17. Uit het vorenstaande volgt dat eiser voldoende aannemelijk heeft gemaakt dat de aanvraag is gegrond op omstandigheden die een rechtsgrond voor verlening vormen, maar verweerder in het bestreden besluit de afwijzing van deze aanvraag onzorgvuldig en onvoldoende heeft gemotiveerd, hetgeen in strijd is met de artikelen 3:2 en 3:46 van de Awb. Het bestreden besluit komt voor vernietiging in aanmerking en verweerder zal een nieuw besluit dienen te nemen op de aanvraag van eiser. De rechtbank ziet geen reden het geschil finaal te beslechten, zoals in de uitspraak van de Afdeling van
3 november 2016 (ECLI:NL:RVS:2016:2999).
18. De rechtbank acht termen aanwezig om verweerder te veroordelen in de door eiser redelijkerwijs gemaakt proceskosten, welke op grond van het Besluit proceskosten bestuursrecht in het kader van door een derde beroepsmatig verleende rechtsbijstand zijn begroot op € 992,- (1 punt voor het indienen van het beroepschrift en 1 punt voor het verschijnen ter zitting, met een waarde van € 496,- per punt en wegingsfactor 1).

Beslissing

De rechtbank:
  • verklaart het beroep gegrond;
  • vernietigd het bestreden besluit;
  • draagt verweerder op een nieuw besluit te nemen met inachtneming van hetgeen in deze uitspraak is overwogen;
  • veroordeelt verweerder in de proceskosten ten bedrage van € 992,-.
Deze uitspraak is gedaan door mr.
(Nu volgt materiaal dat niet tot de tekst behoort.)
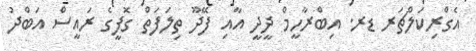
އެގްރިކަލްޗަރ ޑރ. އިބްރާހީމް ދީދީ އާއި ފޭދޫ ތިލަފަތް ގޮފީގެ ރައީސް އަބްދު

R.J.G.H. Seerden, rechter, in aanwezigheid van
mr. S.A.J. Koonen, griffier
.De beslissing is in het openbaar uitgesproken op
15 december 2016.
griffier rechter
Afschrift verzonden aan partijen op:15-12-2016

Rechtsmiddel

Tegen deze uitspraak kan binnen één week na de dag van verzending daarvan hoger beroep worden ingesteld bij de Afdeling bestuursrechtspraak van de Raad van State. Als hoger beroep is ingesteld, kan bij de voorzieningenrechter van de hogerberoepsrechter worden verzocht om het treffen van een voorlopige voorziening of om het opheffen of wijzigen van een bij deze uitspraak getroffen voorlopige voorziening.